[Items from a data source]
================================

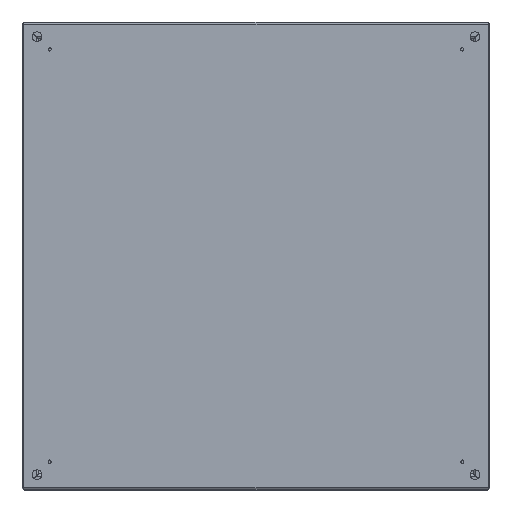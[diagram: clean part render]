
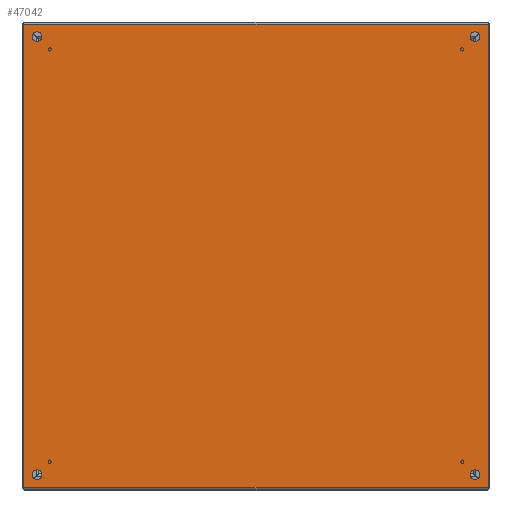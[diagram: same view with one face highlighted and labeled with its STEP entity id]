
A CAD part, top view. The second image highlights one B-rep face of the part: STEP entity #47042.
In plain terms, the highlighted face is planar.
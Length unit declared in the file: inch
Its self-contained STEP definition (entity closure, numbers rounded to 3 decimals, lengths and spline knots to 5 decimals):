
#241 = DIRECTION ( 'NONE',  ( 0., 0., -1. ) ) ;
#351 = VERTEX_POINT ( 'NONE', #4526 ) ;
#1052 = EDGE_CURVE ( 'NONE', #50277, #62486, #32888, .T. ) ;
#1115 = CARTESIAN_POINT ( 'NONE',  ( 0., 0.5, 11.25 ) ) ;
#1311 = DIRECTION ( 'NONE',  ( 0., -1., 0. ) ) ;
#1581 = CARTESIAN_POINT ( 'NONE',  ( 0., 23., 11.25 ) ) ;
#1593 = AXIS2_PLACEMENT_3D ( 'NONE', #32732, #27270, #48820 ) ;
#3405 = AXIS2_PLACEMENT_3D ( 'NONE', #40980, #19760, #10560 ) ;
#4249 = VERTEX_POINT ( 'NONE', #52052 ) ;
#4526 = CARTESIAN_POINT ( 'NONE',  ( 0., 0.5, -11.25 ) ) ;
#4968 = CARTESIAN_POINT ( 'NONE',  ( 0., 0.75, -11.25 ) ) ;
#5482 = DIRECTION ( 'NONE',  ( 0., -1., 0. ) ) ;
#6273 = EDGE_LOOP ( 'NONE', ( #19783, #14493 ) ) ;
#6611 = DIRECTION ( 'NONE',  ( 1., 0., 0. ) ) ;
#7681 = EDGE_LOOP ( 'NONE', ( #28597, #33417 ) ) ;
#7923 = CARTESIAN_POINT ( 'NONE',  ( 0., 23.5, -11.25 ) ) ;
#8348 = EDGE_CURVE ( 'NONE', #28951, #23066, #40723, .T. ) ;
#9157 = VECTOR ( 'NONE', #30158, 39.37008 ) ;
#9378 = EDGE_LOOP ( 'NONE', ( #44010, #13780 ) ) ;
#9642 = CARTESIAN_POINT ( 'NONE',  ( 0., 1., -11.25 ) ) ;
#9878 = VERTEX_POINT ( 'NONE', #7923 ) ;
#10560 = DIRECTION ( 'NONE',  ( 0., -1., 0. ) ) ;
#10656 = CARTESIAN_POINT ( 'NONE',  ( 0., 0.75, -11.25 ) ) ;
#11018 = AXIS2_PLACEMENT_3D ( 'NONE', #11580, #26249, #31397 ) ;
#11083 = EDGE_CURVE ( 'NONE', #351, #27581, #64824, .T. ) ;
#11320 = CARTESIAN_POINT ( 'NONE',  ( 0., 23.25, -11.25 ) ) ;
#11580 = CARTESIAN_POINT ( 'NONE',  ( 0., 23.25, 11.25 ) ) ;
#12122 = CIRCLE ( 'NONE', #47000, 0.25 ) ;
#13780 = ORIENTED_EDGE ( 'NONE', *, *, #45413, .T. ) ;
#14493 = ORIENTED_EDGE ( 'NONE', *, *, #1052, .T. ) ;
#14496 = EDGE_LOOP ( 'NONE', ( #38571, #39462, #17941, #49245 ) ) ;
#17090 = VECTOR ( 'NONE', #25260, 39.37008 ) ;
#17371 = CARTESIAN_POINT ( 'NONE',  ( 0., 1., 11.25 ) ) ;
#17479 = CARTESIAN_POINT ( 'NONE',  ( 0., 23.928, 11.892 ) ) ;
#17941 = ORIENTED_EDGE ( 'NONE', *, *, #42262, .F. ) ;
#18186 = FACE_BOUND ( 'NONE', #6273, .T. ) ;
#19330 = AXIS2_PLACEMENT_3D ( 'NONE', #64354, #63678, #48520 ) ;
#19760 = DIRECTION ( 'NONE',  ( 1., 0., 0. ) ) ;
#19783 = ORIENTED_EDGE ( 'NONE', *, *, #32558, .T. ) ;
#20439 = LINE ( 'NONE', #66802, #46474 ) ;
#21176 = LINE ( 'NONE', #36908, #35681 ) ;
#21226 = ORIENTED_EDGE ( 'NONE', *, *, #64691, .T. ) ;
#22208 = DIRECTION ( 'NONE',  ( 0., 1., 0. ) ) ;
#22345 = EDGE_LOOP ( 'NONE', ( #43556, #21226 ) ) ;
#23066 = VERTEX_POINT ( 'NONE', #64516 ) ;
#25260 = DIRECTION ( 'NONE',  ( 0., 0., 1. ) ) ;
#25816 = DIRECTION ( 'NONE',  ( 1., 0., 0. ) ) ;
#26231 = CARTESIAN_POINT ( 'NONE',  ( 0., 23.5, 11.25 ) ) ;
#26249 = DIRECTION ( 'NONE',  ( 1., 0., 0. ) ) ;
#27270 = DIRECTION ( 'NONE',  ( 1., 0., 0. ) ) ;
#27581 = VERTEX_POINT ( 'NONE', #9642 ) ;
#28597 = ORIENTED_EDGE ( 'NONE', *, *, #11083, .T. ) ;
#28951 = VERTEX_POINT ( 'NONE', #17479 ) ;
#29773 = AXIS2_PLACEMENT_3D ( 'NONE', #4968, #25816, #58775 ) ;
#30158 = DIRECTION ( 'NONE',  ( 0., -1., 0. ) ) ;
#30224 = CARTESIAN_POINT ( 'NONE',  ( 0., 23.928, -11.892 ) ) ;
#30469 = DIRECTION ( 'NONE',  ( 1., 0., 0. ) ) ;
#31172 = CARTESIAN_POINT ( 'NONE',  ( 0., 0.072, 11.892 ) ) ;
#31397 = DIRECTION ( 'NONE',  ( 0., -1., 0. ) ) ;
#31768 = VERTEX_POINT ( 'NONE', #30224 ) ;
#32558 = EDGE_CURVE ( 'NONE', #62486, #50277, #12122, .T. ) ;
#32591 = CARTESIAN_POINT ( 'NONE',  ( 0., 0.072, 11.928 ) ) ;
#32732 = CARTESIAN_POINT ( 'NONE',  ( 0., 23.25, 11.25 ) ) ;
#32888 = CIRCLE ( 'NONE', #3405, 0.25 ) ;
#33417 = ORIENTED_EDGE ( 'NONE', *, *, #66337, .T. ) ;
#34340 = CIRCLE ( 'NONE', #50772, 0.25 ) ;
#34608 = VERTEX_POINT ( 'NONE', #1581 ) ;
#35681 = VECTOR ( 'NONE', #22208, 39.37008 ) ;
#36908 = CARTESIAN_POINT ( 'NONE',  ( 0., 23.928, -11.892 ) ) ;
#36989 = EDGE_CURVE ( 'NONE', #65630, #23066, #50958, .T. ) ;
#37941 = DIRECTION ( 'NONE',  ( 1., 0., 0. ) ) ;
#38571 = ORIENTED_EDGE ( 'NONE', *, *, #8348, .F. ) ;
#39407 = VERTEX_POINT ( 'NONE', #26231 ) ;
#39462 = ORIENTED_EDGE ( 'NONE', *, *, #46636, .T. ) ;
#39838 = CIRCLE ( 'NONE', #1593, 0.25 ) ;
#40649 = CIRCLE ( 'NONE', #56071, 0.25 ) ;
#40686 = EDGE_CURVE ( 'NONE', #34608, #39407, #39838, .T. ) ;
#40723 = LINE ( 'NONE', #31172, #9157 ) ;
#40980 = CARTESIAN_POINT ( 'NONE',  ( 0., 0.75, 11.25 ) ) ;
#41044 = CARTESIAN_POINT ( 'NONE',  ( 0., 0.75, 11.25 ) ) ;
#41987 = CARTESIAN_POINT ( 'NONE',  ( 0., 0.072, -11.892 ) ) ;
#42262 = EDGE_CURVE ( 'NONE', #65630, #31768, #21176, .T. ) ;
#43556 = ORIENTED_EDGE ( 'NONE', *, *, #40686, .T. ) ;
#44010 = ORIENTED_EDGE ( 'NONE', *, *, #47636, .T. ) ;
#44195 = FACE_BOUND ( 'NONE', #9378, .T. ) ;
#44804 = CIRCLE ( 'NONE', #11018, 0.25 ) ;
#45413 = EDGE_CURVE ( 'NONE', #9878, #4249, #34340, .T. ) ;
#46474 = VECTOR ( 'NONE', #241, 39.37008 ) ;
#46636 = EDGE_CURVE ( 'NONE', #28951, #31768, #20439, .T. ) ;
#47000 = AXIS2_PLACEMENT_3D ( 'NONE', #41044, #30469, #61021 ) ;
#47042 = ADVANCED_FACE ( 'NONE', ( #47970, #54568, #44195, #18186, #59395 ), #64184, .F. ) ;
#47636 = EDGE_CURVE ( 'NONE', #4249, #9878, #52149, .T. ) ;
#47970 = FACE_OUTER_BOUND ( 'NONE', #14496, .T. ) ;
#48328 = DIRECTION ( 'NONE',  ( 0., -1., 0. ) ) ;
#48520 = DIRECTION ( 'NONE',  ( 0., -1., 0. ) ) ;
#48820 = DIRECTION ( 'NONE',  ( 0., -1., 0. ) ) ;
#49245 = ORIENTED_EDGE ( 'NONE', *, *, #36989, .T. ) ;
#50277 = VERTEX_POINT ( 'NONE', #17371 ) ;
#50772 = AXIS2_PLACEMENT_3D ( 'NONE', #11320, #62715, #1311 ) ;
#50958 = LINE ( 'NONE', #66816, #17090 ) ;
#52052 = CARTESIAN_POINT ( 'NONE',  ( 0., 23., -11.25 ) ) ;
#52149 = CIRCLE ( 'NONE', #19330, 0.25 ) ;
#54568 = FACE_BOUND ( 'NONE', #7681, .T. ) ;
#56071 = AXIS2_PLACEMENT_3D ( 'NONE', #10656, #37941, #5482 ) ;
#58775 = DIRECTION ( 'NONE',  ( 0., -1., 0. ) ) ;
#59395 = FACE_BOUND ( 'NONE', #22345, .T. ) ;
#61021 = DIRECTION ( 'NONE',  ( 0., -1., 0. ) ) ;
#61949 = AXIS2_PLACEMENT_3D ( 'NONE', #32591, #6611, #48328 ) ;
#62486 = VERTEX_POINT ( 'NONE', #1115 ) ;
#62715 = DIRECTION ( 'NONE',  ( 1., 0., 0. ) ) ;
#63678 = DIRECTION ( 'NONE',  ( 1., 0., 0. ) ) ;
#64184 = PLANE ( 'NONE',  #61949 ) ;
#64354 = CARTESIAN_POINT ( 'NONE',  ( 0., 23.25, -11.25 ) ) ;
#64516 = CARTESIAN_POINT ( 'NONE',  ( 0., 0.072, 11.892 ) ) ;
#64691 = EDGE_CURVE ( 'NONE', #39407, #34608, #44804, .T. ) ;
#64824 = CIRCLE ( 'NONE', #29773, 0.25 ) ;
#65630 = VERTEX_POINT ( 'NONE', #41987 ) ;
#66337 = EDGE_CURVE ( 'NONE', #27581, #351, #40649, .T. ) ;
#66802 = CARTESIAN_POINT ( 'NONE',  ( 0., 23.928, -11.928 ) ) ;
#66816 = CARTESIAN_POINT ( 'NONE',  ( 0., 0.072, 11.928 ) ) ;

================================

*About this exercise*. Set down, exactly as they stand above, the lines starting with the line with "#34608 = VERTEX_POINT ( 'NONE', #1581 ) ;" and going on through the line with "#39838 = CIRCLE ( 'NONE', #1593, 0.25 ) ;", and no others.

*Your response*.
#34608 = VERTEX_POINT ( 'NONE', #1581 ) ;
#35681 = VECTOR ( 'NONE', #22208, 39.37008 ) ;
#36908 = CARTESIAN_POINT ( 'NONE',  ( 0., 23.928, -11.892 ) ) ;
#36989 = EDGE_CURVE ( 'NONE', #65630, #23066, #50958, .T. ) ;
#37941 = DIRECTION ( 'NONE',  ( 1., 0., 0. ) ) ;
#38571 = ORIENTED_EDGE ( 'NONE', *, *, #8348, .F. ) ;
#39407 = VERTEX_POINT ( 'NONE', #26231 ) ;
#39462 = ORIENTED_EDGE ( 'NONE', *, *, #46636, .T. ) ;
#39838 = CIRCLE ( 'NONE', #1593, 0.25 ) ;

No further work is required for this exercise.